In any case, here's a brain dump on the topic in case anyone is interested:
The way to hardware-accelerate video decoding is to start at the back of the pipeline and work forwards, otherwise you spend too much time copying data between CPU and GPU. The last stage is colour space conversion (easy to do on GPU), before that is the loop filter/motion compensation/intra prediction feedback loop. This one is a lot harder to parallelise, unfortunately by design.
Intra prediction uses the luma/colour information from up to 4 adjacent blocks to approximate the contents of a block:
A B C ...
X Y ...
VP8 has 2 different types of loop filters, the 'normal' one and the 'simple' one. The 'normal' loop filter reads up to 4 pixels either side of a block boundary (and modifies up to 2), and since blocks are 4 pixels wide, you again end up with an ordering dependency which is difficult to parallelise. The simple block filter doesn't suffer this problem, if I remember correctly, and is embarrassingly parallel. Unfortunately, it doesn't seem to be widely used. (presumably as its visual results are worse)
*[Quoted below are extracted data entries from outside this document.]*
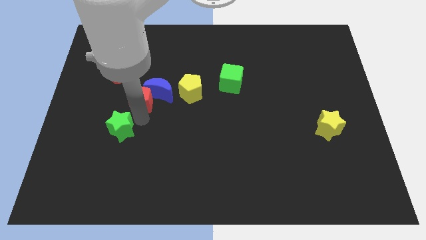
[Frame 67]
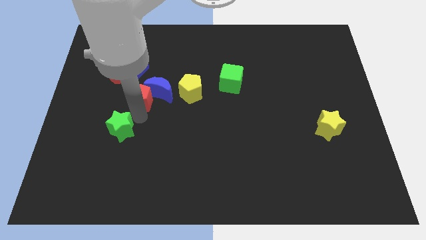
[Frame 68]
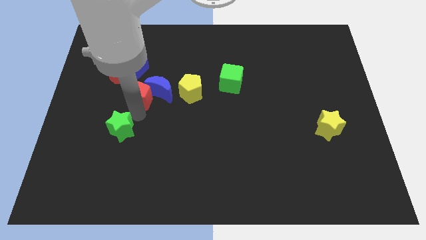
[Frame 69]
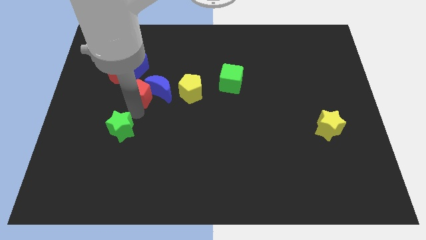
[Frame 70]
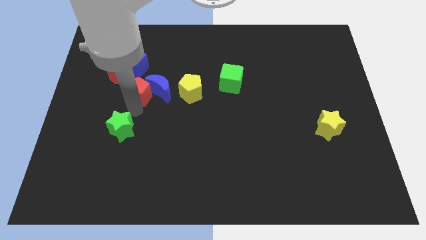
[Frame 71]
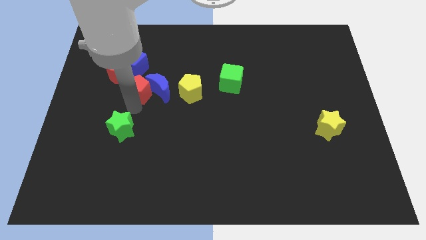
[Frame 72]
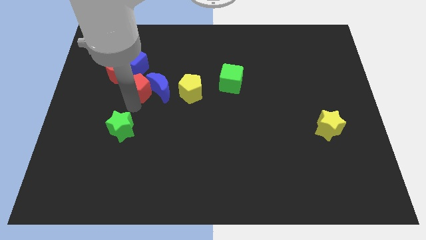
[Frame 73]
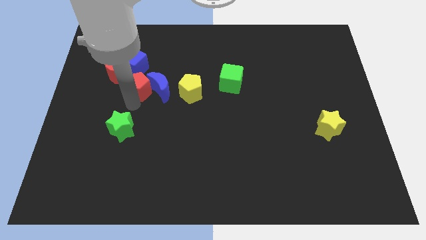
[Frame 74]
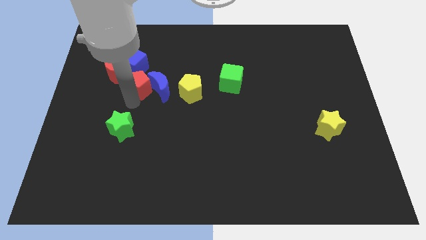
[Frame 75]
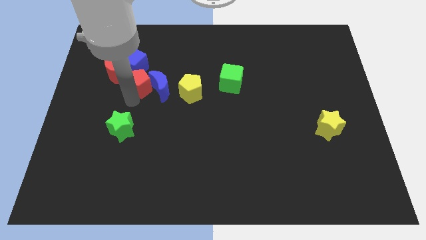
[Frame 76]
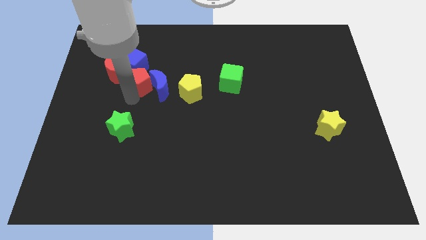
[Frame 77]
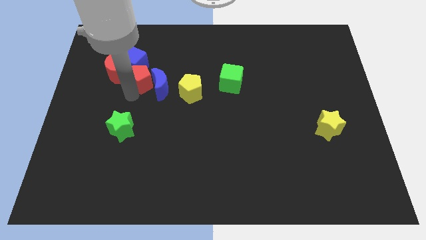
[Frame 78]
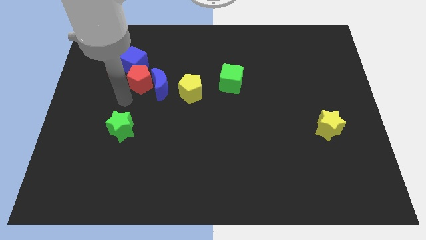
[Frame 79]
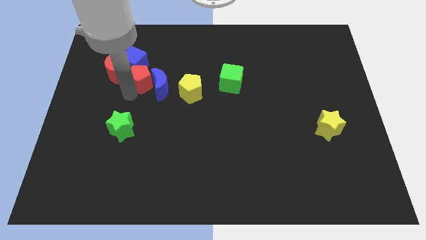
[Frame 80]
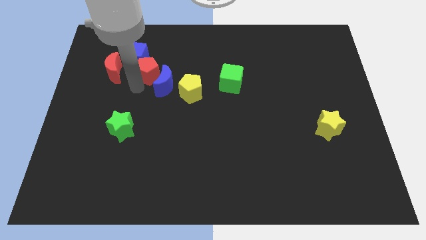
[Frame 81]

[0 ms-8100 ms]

The motion compensation is easier to parallelise, so it's probably a good idea to get that and the loop filter working first, as that will at least offload the majority of frames to the GPU.
So, we need to parallelise the loop filter.
A B C D E F ...
L M N O ...
X Y ...
So we start in the top left corner of the picture, where there's little opportunity for parallelism, and work our way down, with increasing batch size for a while, and then decreasing again as we reach the bottom right corner. So not ideal, but it could be good enough:
A B C[D]
A B C D[E]
As it turns out, you can actually decompose the filter into a vertical and horizontal stage for each 16x16 macro block. I forget which comes first (I think horizontal edges, i.e. vertical kernel), but this fact might be exploitable for hiding memory latency.
Intra prediction should be possible via a similar scheme, except it operates on blocks within macroblocks which makes it a bit more complex. You might be able to achieve more parallelism by exploiting the fact that different intra modes don't require access to all 4 neighbouring blocks. To benefit from that you'll need a scheduling pass across all macroblocks on the CPU first.
The pipeline stage before the intra/MC/loop filter feedback loop is annoyingly paralleliseable again: the inverse transform is a simple matrix operation and exactly the kind of problem GPUs excel at.
It's of course entirely possible that I've made a mistake or that I've missed a parallelisation opportunity, but this is certainly the kind of stuff you have to think about when tackling this type of problem.